Personal information
- Full name: Isaac Weetra
- Born: 27 February 1989 (age 37) Whyalla
- Original team: Port Adelaide Magpies
- Height: 184 cm (6 ft 0 in)
- Weight: 76 kg (168 lb)

Playing career^{1}
- Years: Club / Games (Goals)
- 2007–2008: Melbourne / 2 (0)
- ^{1} Playing statistics correct to the end of 2008.

Career highlights
- Under 18 Indigenous Australia tour to South Africa; Naish Travers Medallist 2005;

= Isaac Weetra =

Australian rules footballer

Isaac Weetra (born 27 February 1989) is a former professional Australian rules footballer.

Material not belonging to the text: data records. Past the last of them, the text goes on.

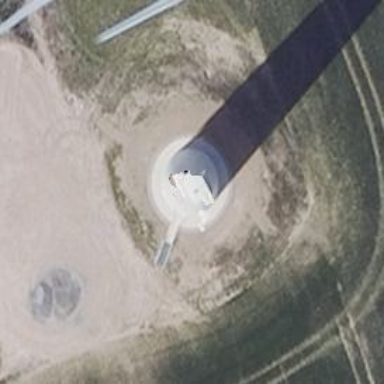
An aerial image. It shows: Wind generator powered by wind. The generator type is horizontal axis and it uses wind turbines.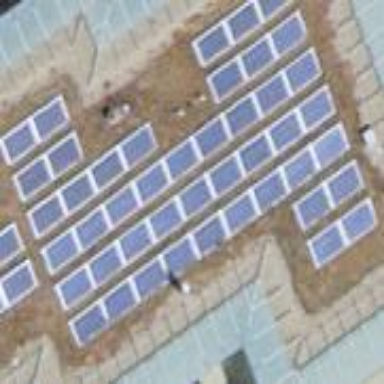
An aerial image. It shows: Solar power generator.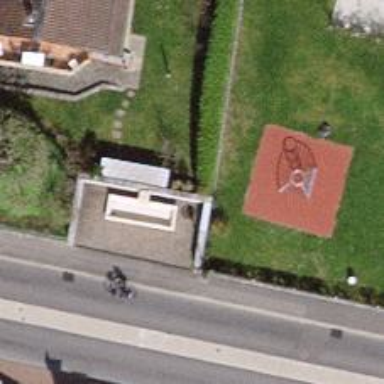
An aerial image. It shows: Fountain.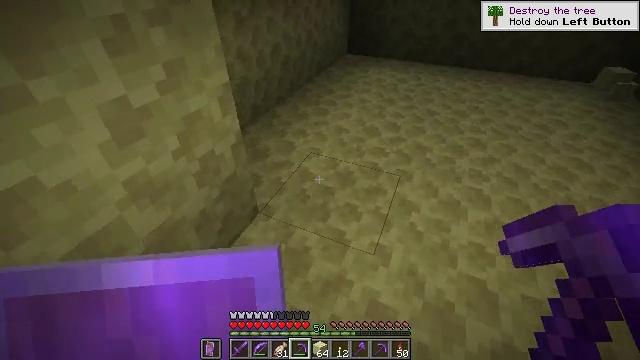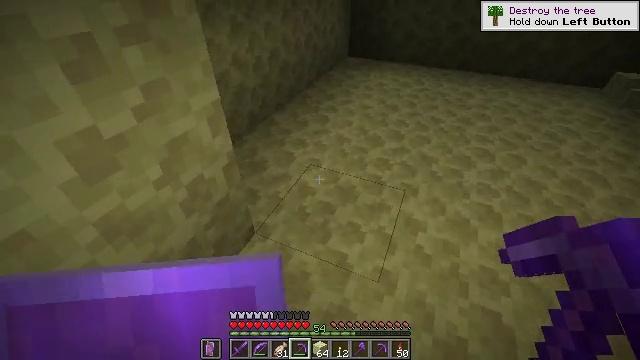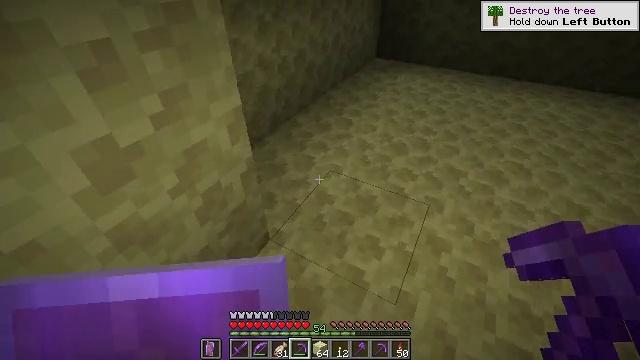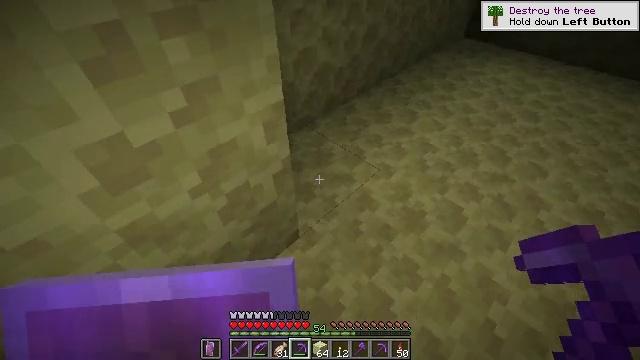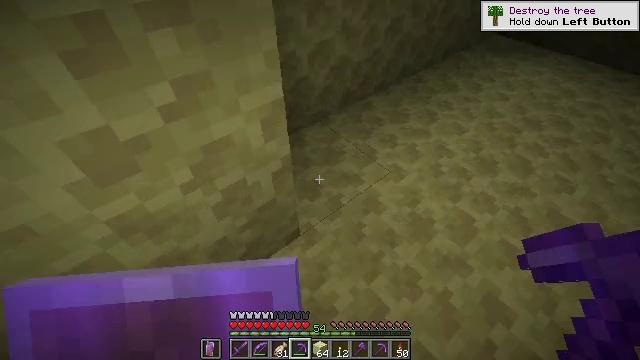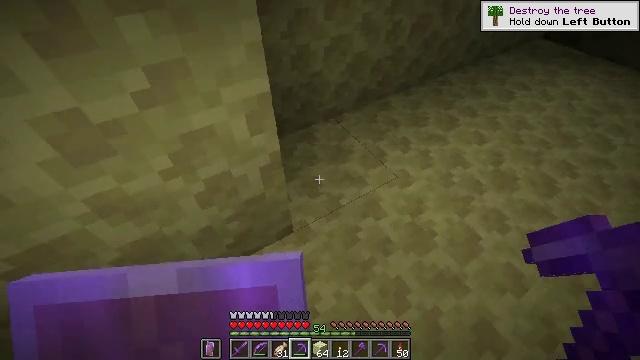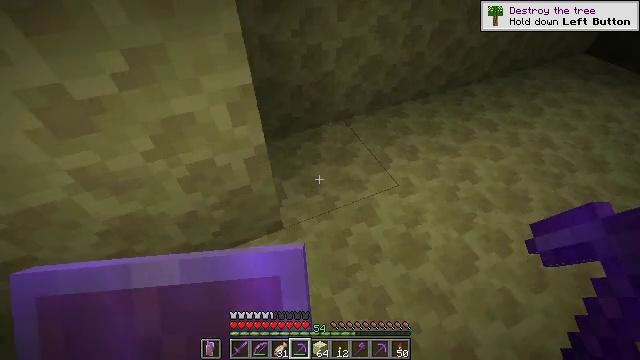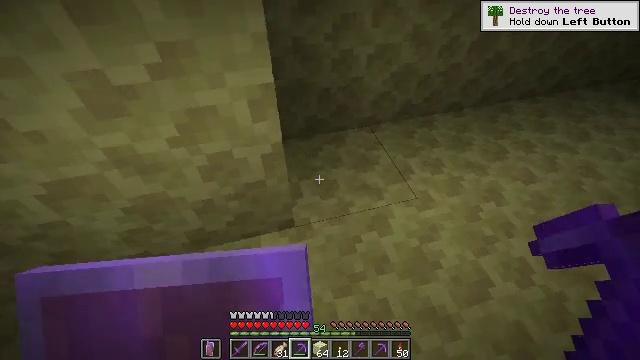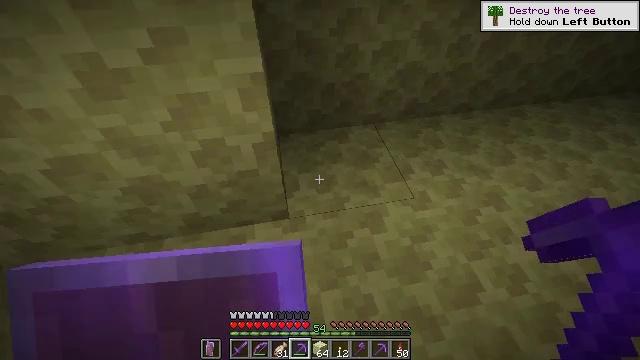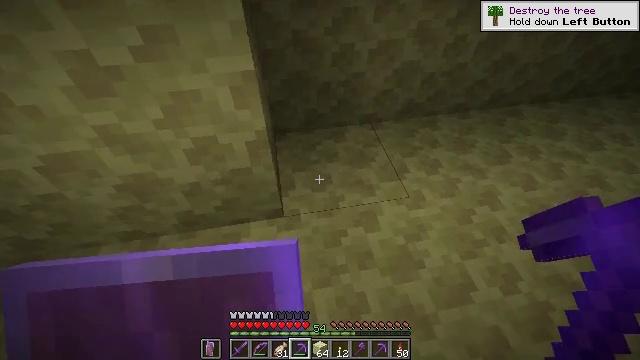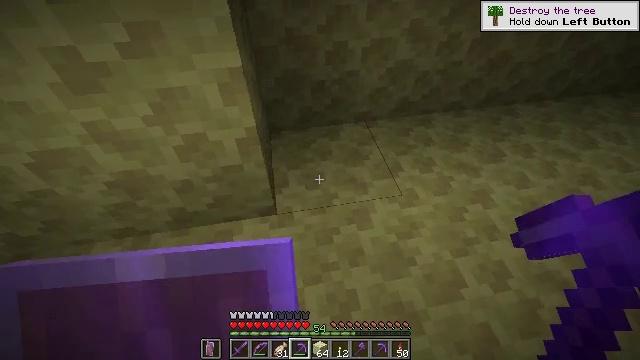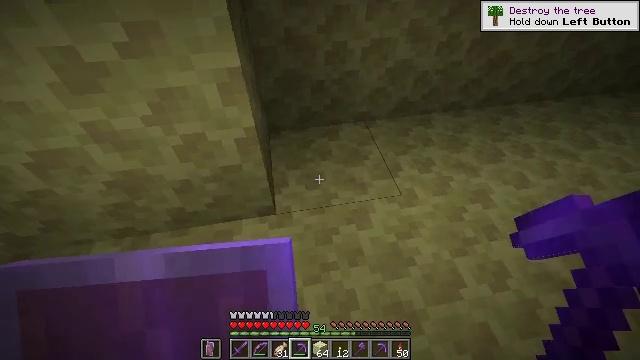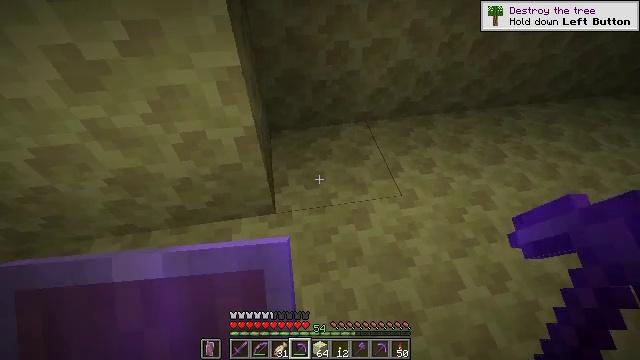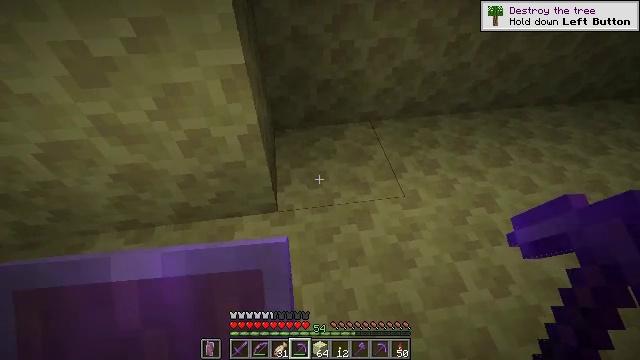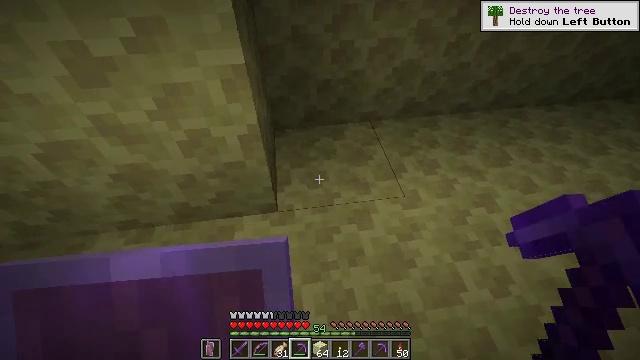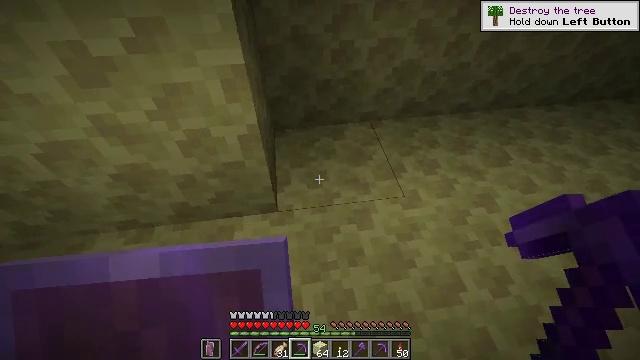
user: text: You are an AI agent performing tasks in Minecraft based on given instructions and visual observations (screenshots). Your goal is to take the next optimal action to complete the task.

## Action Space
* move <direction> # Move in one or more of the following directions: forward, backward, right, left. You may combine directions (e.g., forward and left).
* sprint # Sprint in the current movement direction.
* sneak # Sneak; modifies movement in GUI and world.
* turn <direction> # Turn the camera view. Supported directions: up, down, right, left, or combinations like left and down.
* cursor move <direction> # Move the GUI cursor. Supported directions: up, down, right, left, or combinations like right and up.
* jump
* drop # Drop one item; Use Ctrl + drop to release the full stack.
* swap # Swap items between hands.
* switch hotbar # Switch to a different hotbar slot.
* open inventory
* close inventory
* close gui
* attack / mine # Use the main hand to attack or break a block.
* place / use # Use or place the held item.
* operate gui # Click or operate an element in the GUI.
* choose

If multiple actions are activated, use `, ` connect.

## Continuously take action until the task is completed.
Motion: motion action
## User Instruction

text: Extract end stone with a pickaxe.
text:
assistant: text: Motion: move forward
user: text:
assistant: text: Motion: move forward, turn left
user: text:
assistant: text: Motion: move forward and move right, turn left and down
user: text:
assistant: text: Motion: move right, turn left and down
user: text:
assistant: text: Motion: move right, turn left and down
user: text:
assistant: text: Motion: move right, turn left
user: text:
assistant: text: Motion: turn left
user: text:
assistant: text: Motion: turn left
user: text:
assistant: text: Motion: no_op
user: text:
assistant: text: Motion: no_op
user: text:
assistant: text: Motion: no_op
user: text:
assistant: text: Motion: no_op
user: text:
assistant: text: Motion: turn left
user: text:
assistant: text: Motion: no_op
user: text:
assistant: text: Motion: no_op
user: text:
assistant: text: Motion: attack / mine
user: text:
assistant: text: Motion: attack / mine
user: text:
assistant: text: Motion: attack / mine
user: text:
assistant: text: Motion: attack / mine
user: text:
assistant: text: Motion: attack / mine
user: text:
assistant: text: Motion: no_op
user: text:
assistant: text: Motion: turn right and down
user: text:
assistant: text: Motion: turn right and down
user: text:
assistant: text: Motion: turn down
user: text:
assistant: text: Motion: turn right and down
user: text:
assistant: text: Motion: turn right and down
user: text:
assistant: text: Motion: no_op
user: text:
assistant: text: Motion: turn right and down
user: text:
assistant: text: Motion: attack / mine
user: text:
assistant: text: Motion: attack / mine

He is notable for his brief Australian Football League (AFL) stint, playing with the Melbourne Demons.

==Early life==
In 2006 he represented Australia's indigenous youth on tour to South Africa with the "Flying Boomerangs" to play against the South African Buffaloes.

Weetra was recruited from Port Adelaide Magpies in the South Australian National Football League (SANFL) with selection number 62 in the 2006 AFL draft after previously playing for West Whyalla in the Whyalla Football League.

==AFL==
Weetra debuted in the AFL in round 1, 2008 against Hawthorn at the Melbourne Cricket Ground. He was dropped after his second game against the Western Bulldogs and played the rest of the season for Melbourne's VFL-affiliate, Sandringham in the Victorian Football League (VFL).

Weetra was delisted by Melbourne at the conclusion of the 2008 season.

==Post AFL==
Weetra returned to the Port Adelaide Magpies in the SANFL for the start of the 2009 season.